Best practices for using vision with Claude

Vision allows for a new mode of interaction with Claude. We’ve compiled a few tips for getting the best performance on your images. Before we get to that, let's first setup the code we need to run the notebook.

python

%pip install anthropic IPython

python

import base64
 
from anthropic import Anthropic
from IPython.display import Image
 
client = Anthropic()
MODEL_NAME = "claude-opus-4-1"
 
 
def get_base64_encoded_image(image_path):
    with open(image_path, "rb") as image_file:
        binary_data = image_file.read()
        base_64_encoded_data = base64.b64encode(binary_data)
        base64_string = base_64_encoded_data.decode("utf-8")
        return base64_string

Applying traditional techniques to multimodal

You can fix hallucination issues with traditional prompt engineering techniques like role assignment. Let’s see an example of this:

Suppose I want Claude to count the number of dogs in this image:

python

Image(filename="../images/best_practices/nine_dogs.jpg")

Output image

python

message_list = [
    {
        "role": "user",
        "content": [
            {
                "type": "image",
                "source": {
                    "type": "base64",
                    "media_type": "image/jpeg",
                    "data": get_base64_encoded_image("../images/best_practices/nine_dogs.jpg"),
                },
            },
            {"type": "text", "text": "How many dogs are in this picture?"},
        ],
    }
]
 
response = client.messages.create(model=MODEL_NAME, max_tokens=2048, messages=message_list)
print(response.content[0].text)

The image shows a group of 10 dogs of various breeds sitting together in a grassy field with flowers in the background.
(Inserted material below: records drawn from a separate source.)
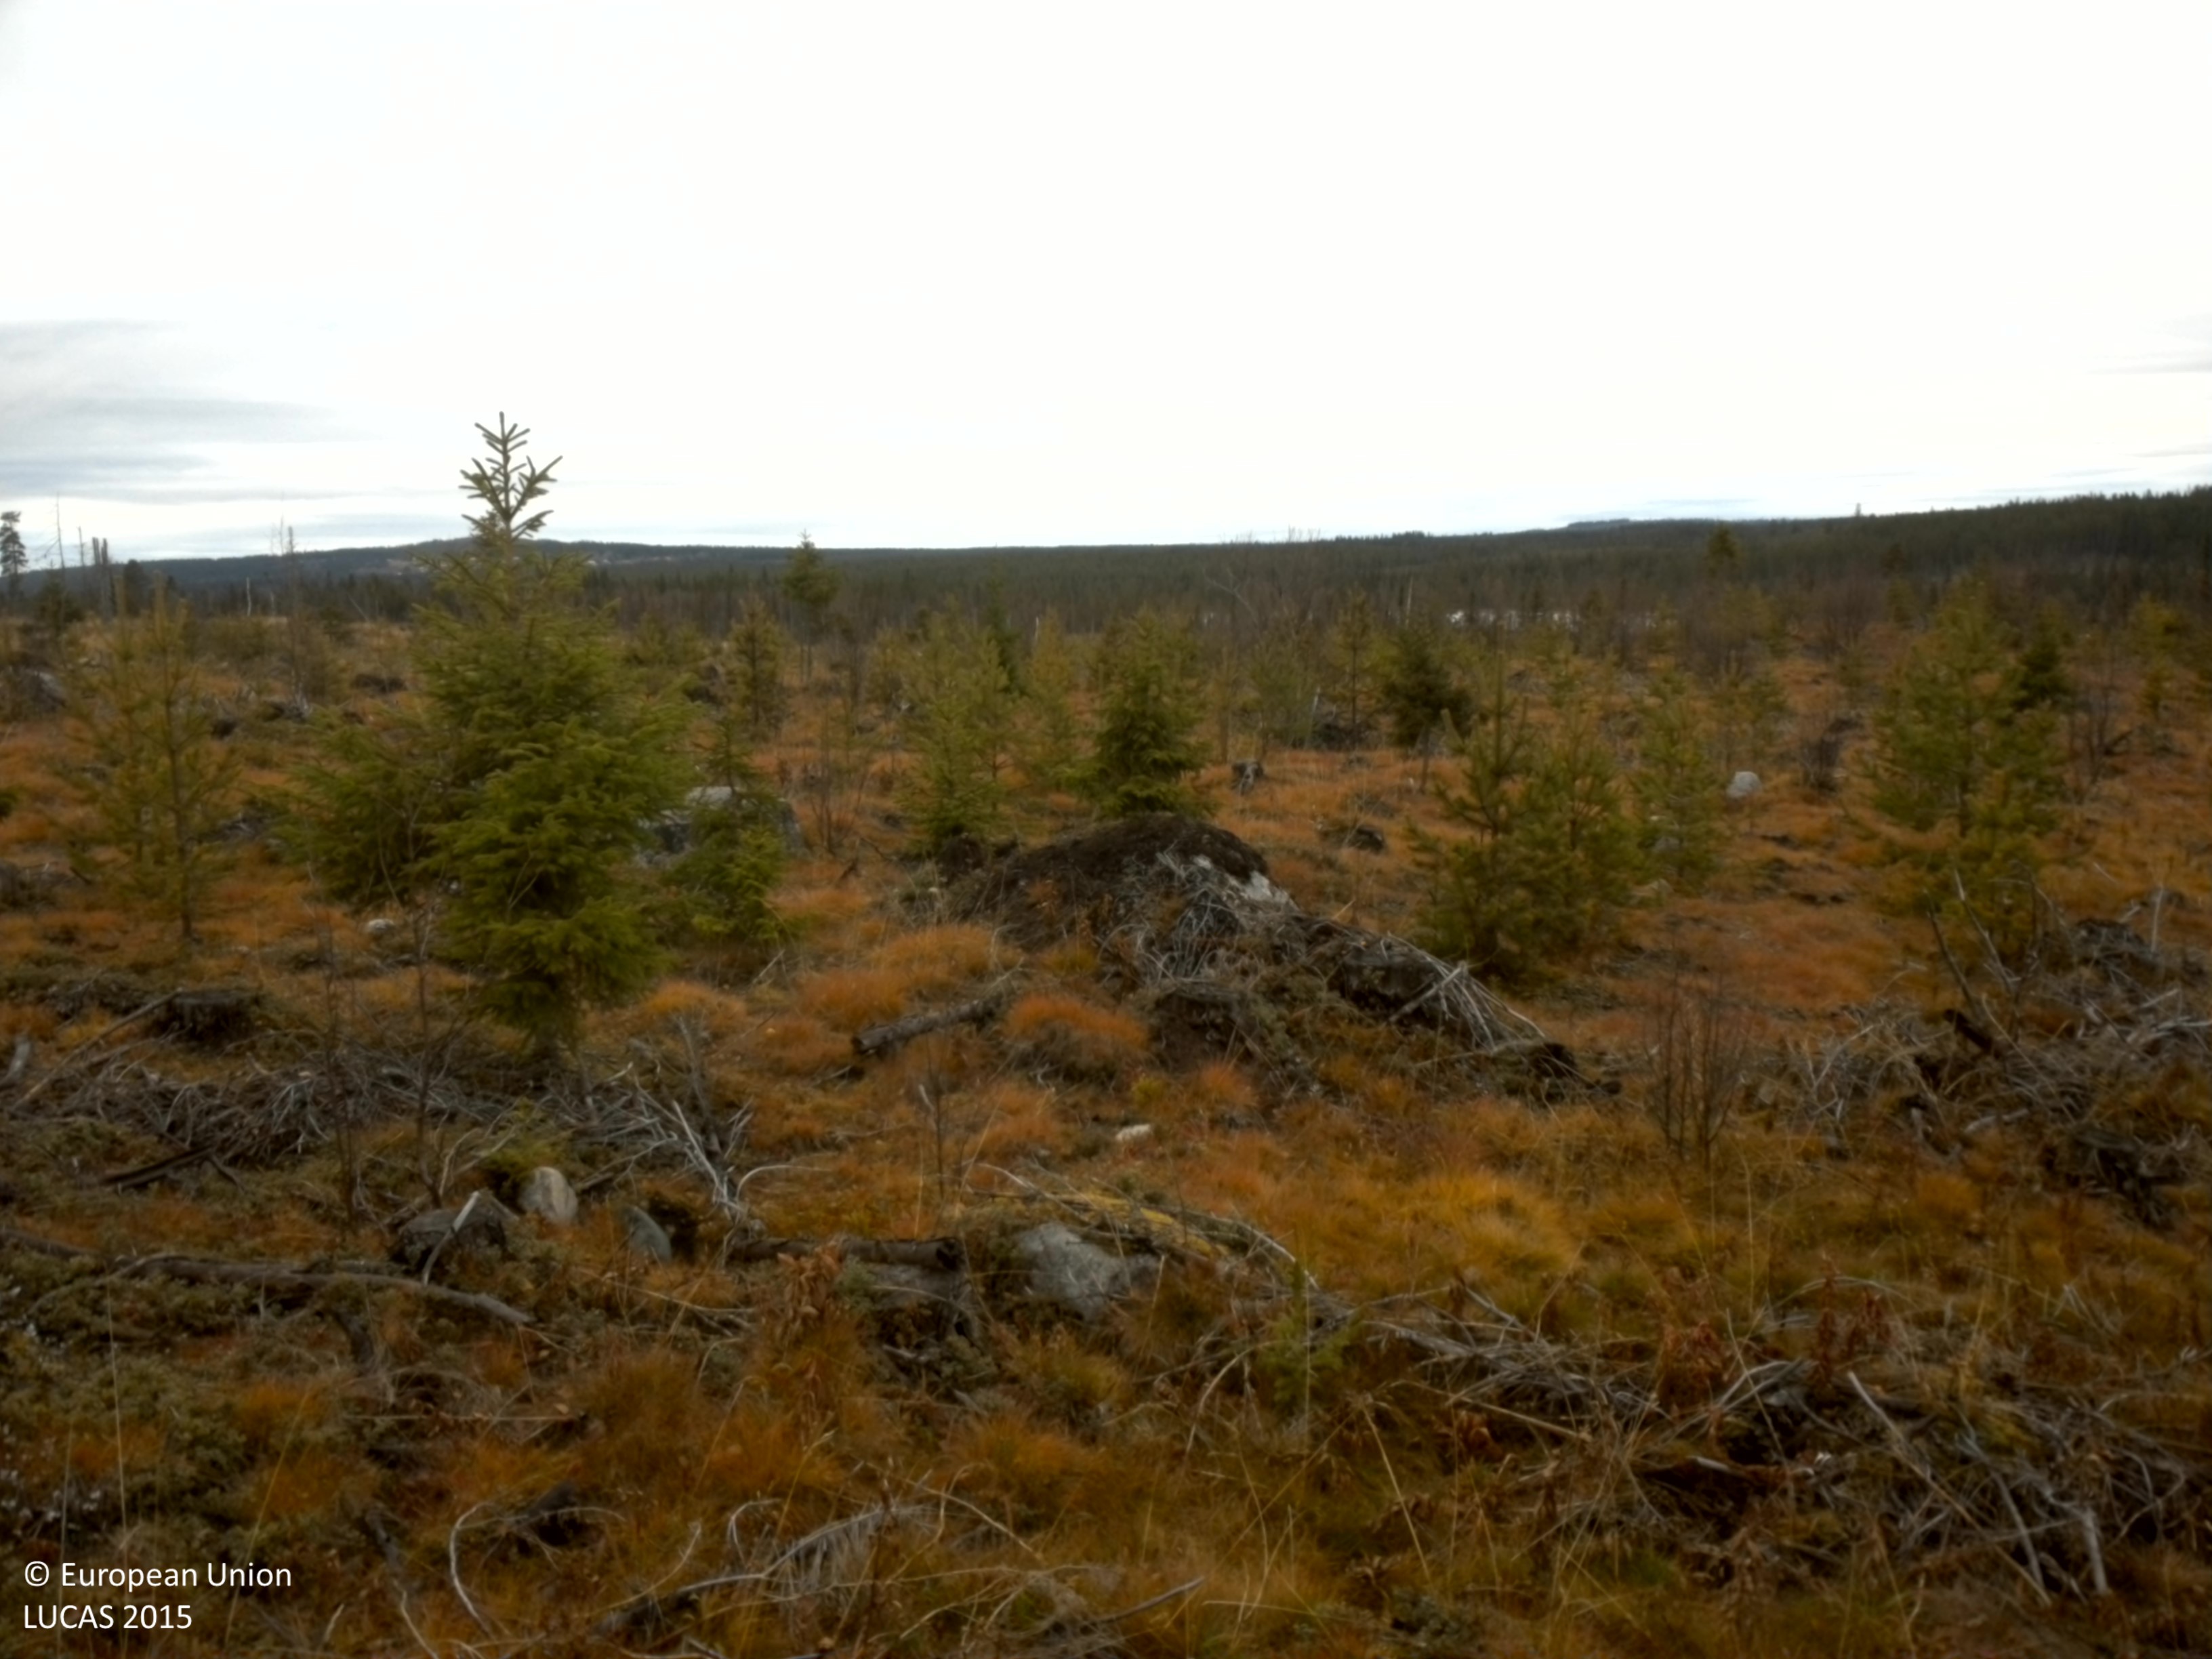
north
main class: Woodland
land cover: Pine dominated mixed woodland
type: boreal forest
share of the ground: 10 - 25 %
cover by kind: herbaceous plants 50 %, shrubs 20 %, lichens and mosses 20 %, coniferous forest trees 5 %, broadleaved forest trees 5 %
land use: Forestry
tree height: < 5 m
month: October
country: SE
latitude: 64.5157
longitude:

The breeds appear to include Border Collies, an Australian Shepherd, and a Terrier mix, though I can't say for certain. The dogs have different colored coats including black, white, brown, and gray. They are all attentively facing the camera, likely posing for the photo.

There's only 9 dogs but Claude thinks there is 10! Let’s apply a little prompt engineering and and try again.

python

message_list = [
    {
        "role": "user",
        "content": [
            {
                "type": "image",
                "source": {
                    "type": "base64",
                    "media_type": "image/jpeg",
                    "data": get_base64_encoded_image("../images/best_practices/nine_dogs.jpg"),
                },
            },
            {
                "type": "text",
                "text": "You have perfect vision and pay great attention to detail which makes you an expert at counting objects in images. How many dogs are in this picture? Before providing the answer in <answer> tags, think step by step in <thinking> tags and analyze every part of the image.",
            },
        ],
    }
]
 
response = client.messages.create(model=MODEL_NAME, max_tokens=2048, messages=message_list)
print(response.content[0].text)

<thinking>
To accurately count the number of dogs in this image, I'll visually scan the image from left to right, focusing on each individual dog.

Starting on the left side, I see two black dogs standing next to each other. Moving to the right, there's a white and gray dog, then a brown and white dog, then a predominantly black dog with white markings.

Continuing to the right, I see a mostly black dog, then a black and white border collie type dog, then another dog with black and white fur.

Scanning the remaining right portion of the image, I see one more brown and white dog.

After carefully examining each dog in the photo, it appears I have accounted for all the dogs present.
</thinking>

<answer>There are 9 dogs total in this image of a diverse group of dogs sitting together in grass with some flowers in the background.</answer>

Great! After applying some prompt engineering to the prompt, we see that Claude now counts correctly that there is 9 dogs.

Visual prompting

Images as input allows for prompts to now be given within the image itself. Let’s take a look at some examples.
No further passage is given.